> _Exercise_
Word for word, the data below must be repeated in full; no picture is to be included.

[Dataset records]
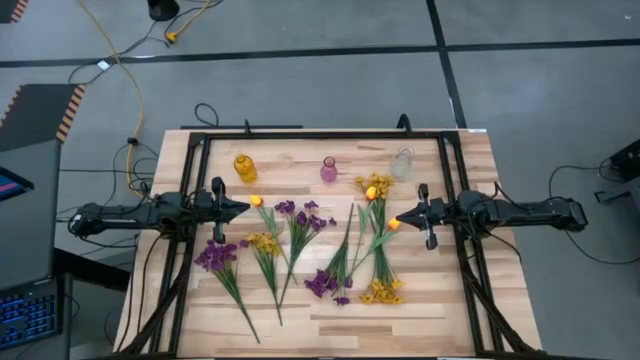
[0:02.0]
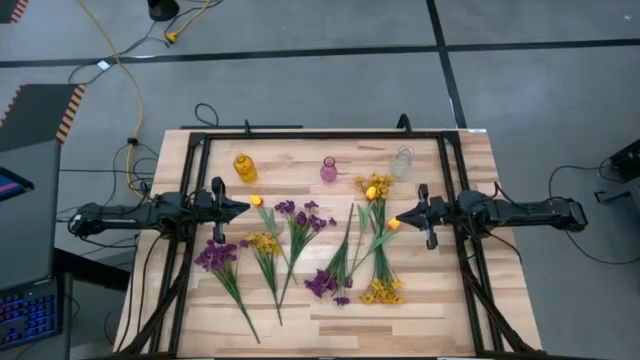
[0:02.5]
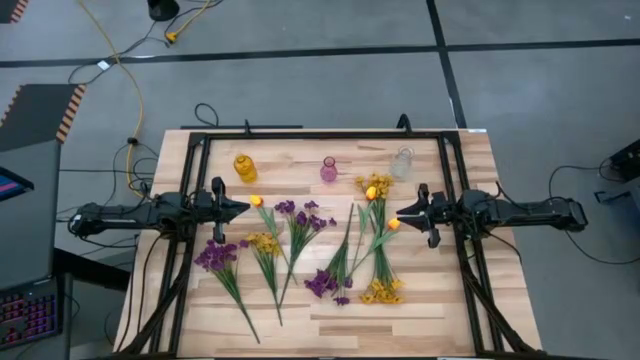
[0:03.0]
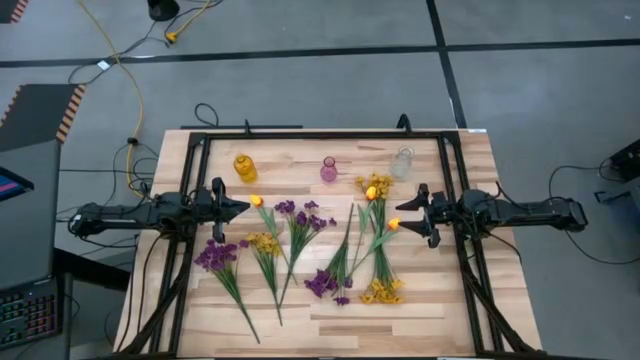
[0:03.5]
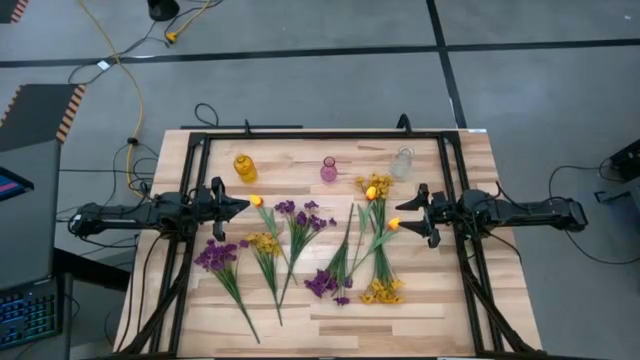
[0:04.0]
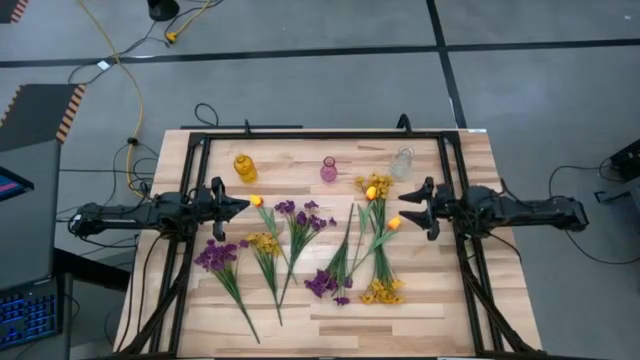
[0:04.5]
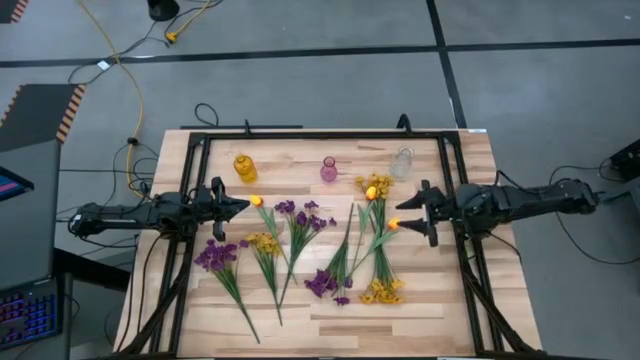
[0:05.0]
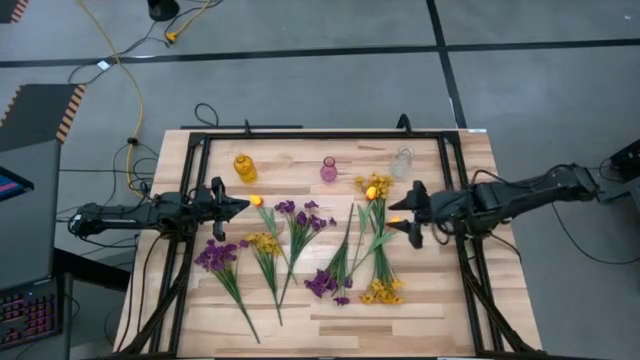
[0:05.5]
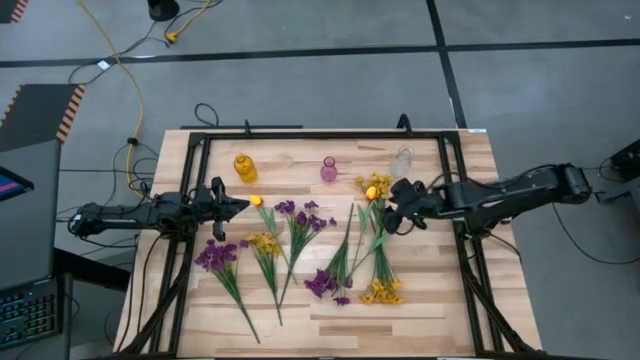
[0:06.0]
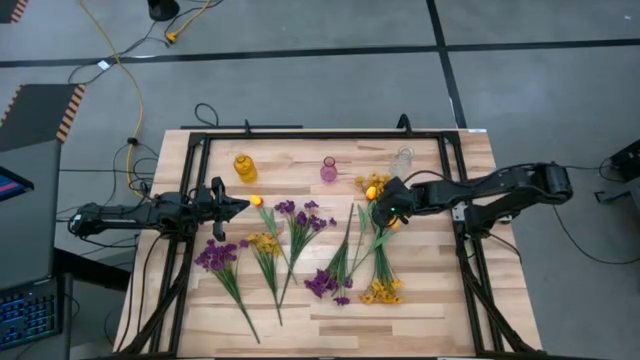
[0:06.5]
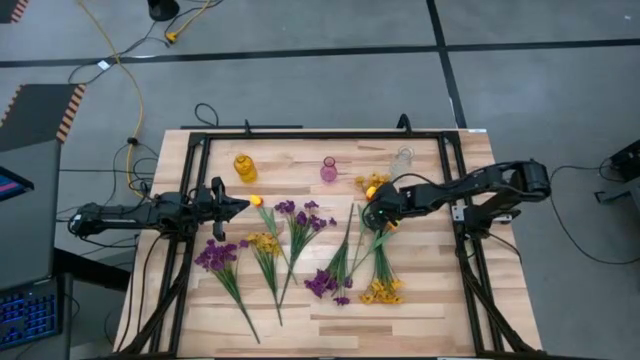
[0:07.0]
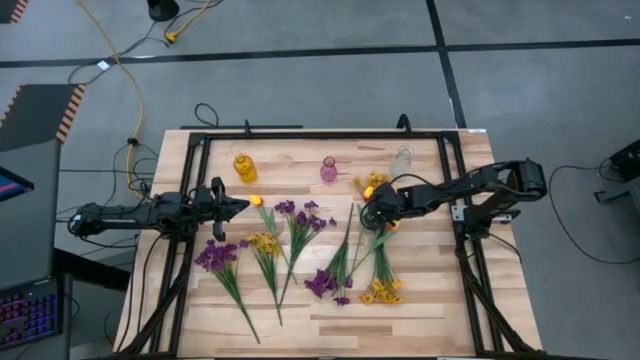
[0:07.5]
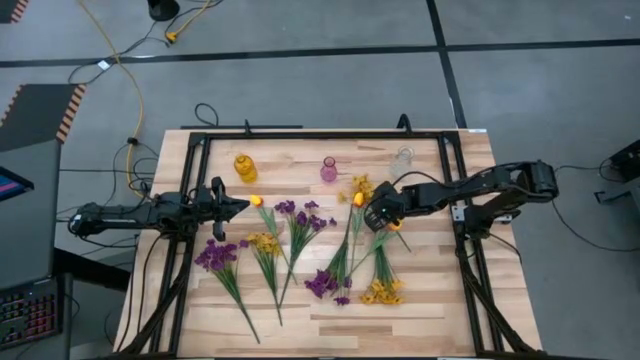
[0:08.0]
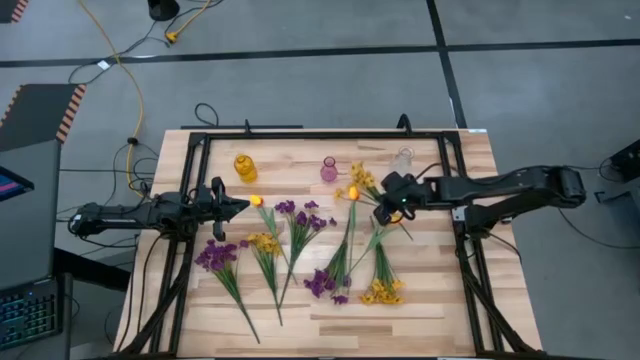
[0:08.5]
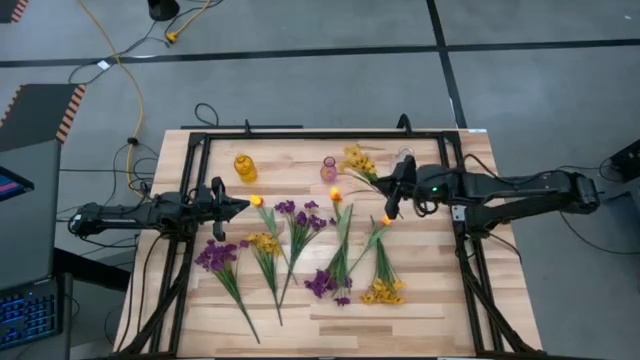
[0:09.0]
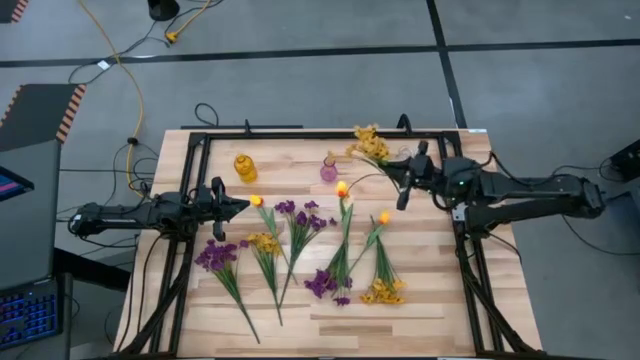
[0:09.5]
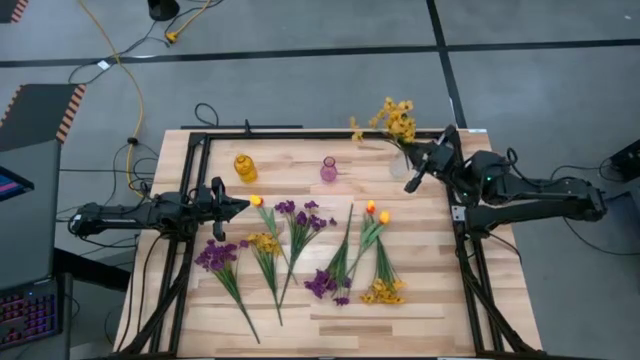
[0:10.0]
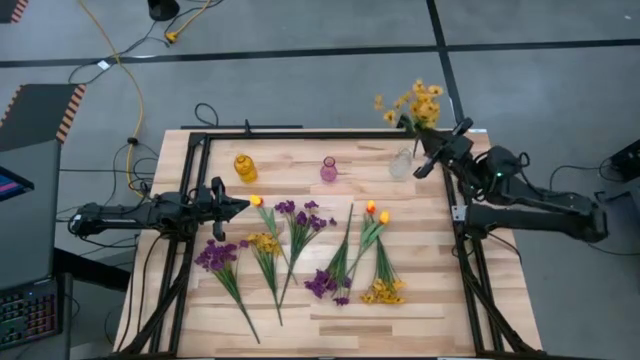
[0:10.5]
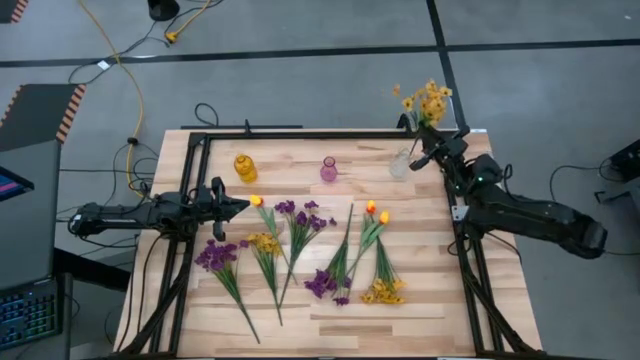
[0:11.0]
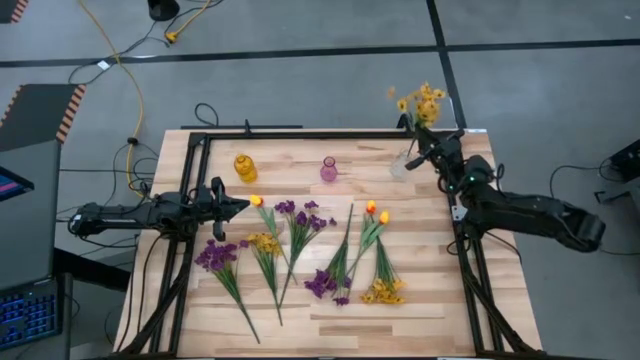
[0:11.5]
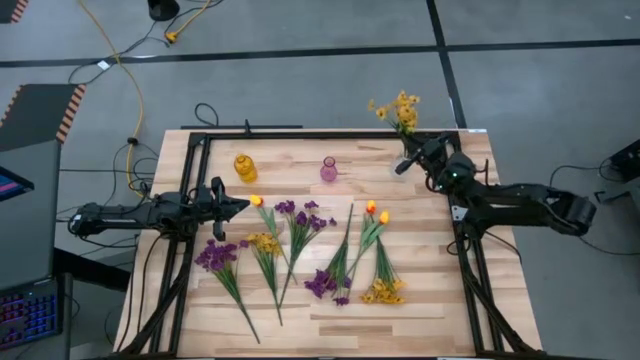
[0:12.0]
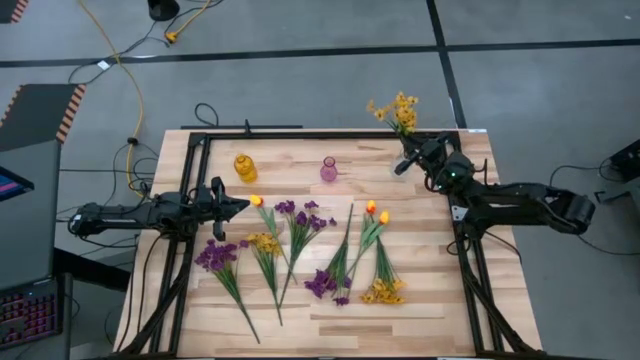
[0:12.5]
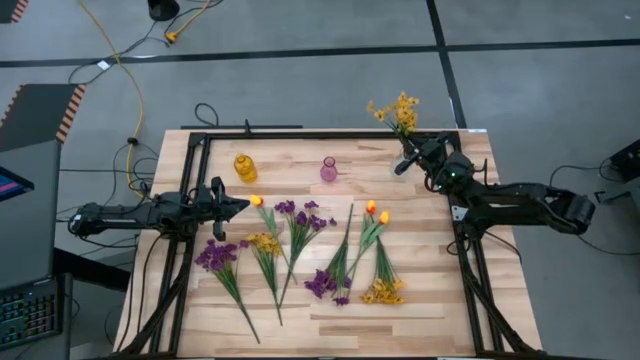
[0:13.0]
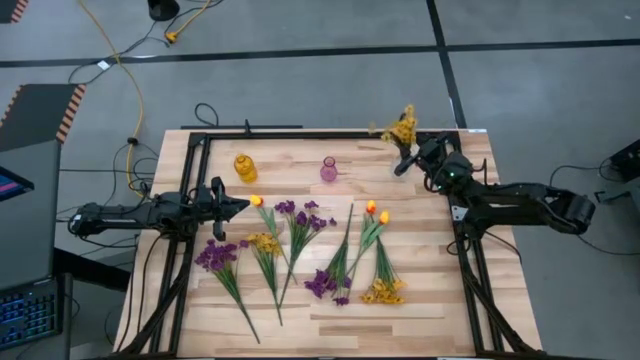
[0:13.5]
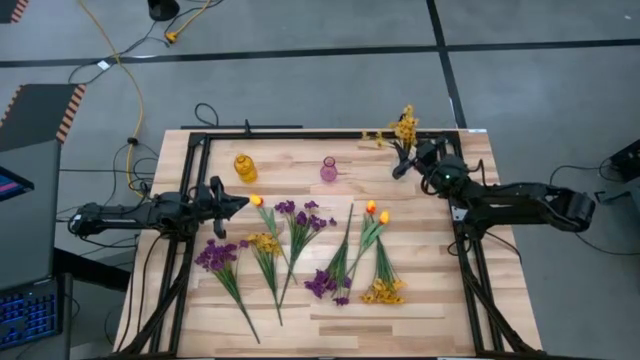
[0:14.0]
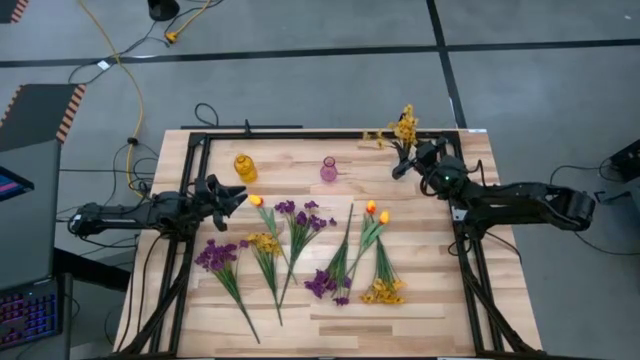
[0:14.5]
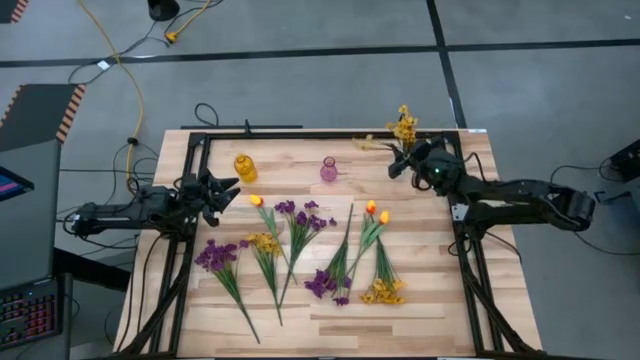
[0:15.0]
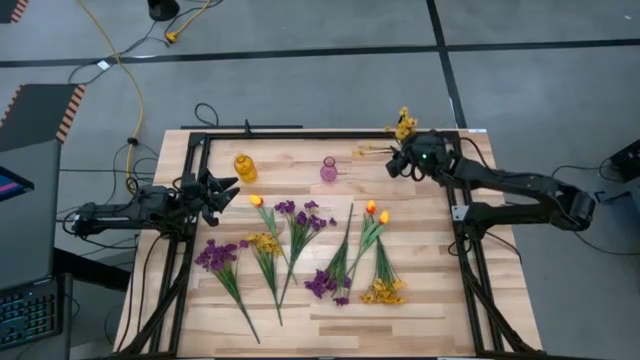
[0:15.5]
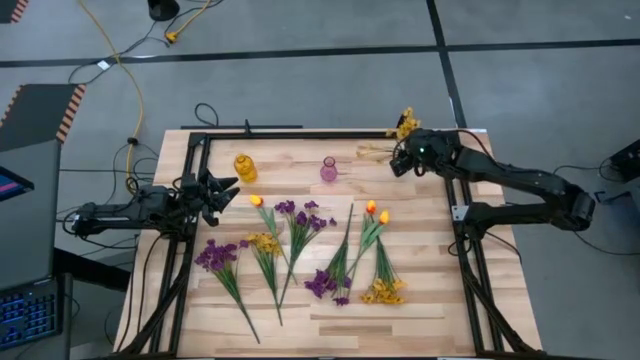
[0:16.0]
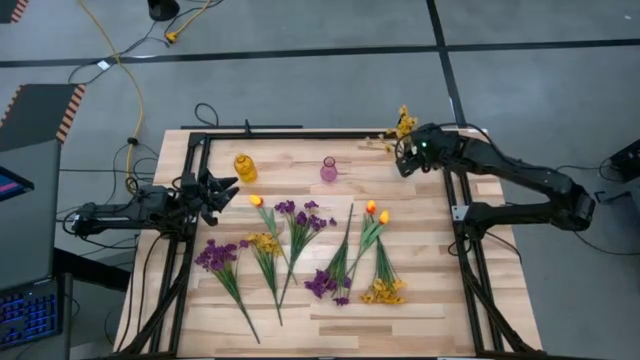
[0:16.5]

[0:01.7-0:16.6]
Task: Sort flowers into vase by color
Put the top yellow flowers into the transparent vase

> _Written answer_
[0:02.0]
[0:02.5]
[0:03.0]
[0:03.5]
[0:04.0]
[0:04.5]
[0:05.0]
[0:05.5]
[0:06.0]
[0:06.5]
[0:07.0]
[0:07.5]
[0:08.0]
[0:08.5]
[0:09.0]
[0:09.5]
[0:10.0]
[0:10.5]
[0:11.0]
[0:11.5]
[0:12.0]
[0:12.5]
[0:13.0]
[0:13.5]
[0:14.0]
[0:14.5]
[0:15.0]
[0:15.5]
[0:16.0]
[0:16.5]

[0:01.7-0:16.6]
Task: Sort flowers into vase by color
Put the top yellow flowers into the transparent vase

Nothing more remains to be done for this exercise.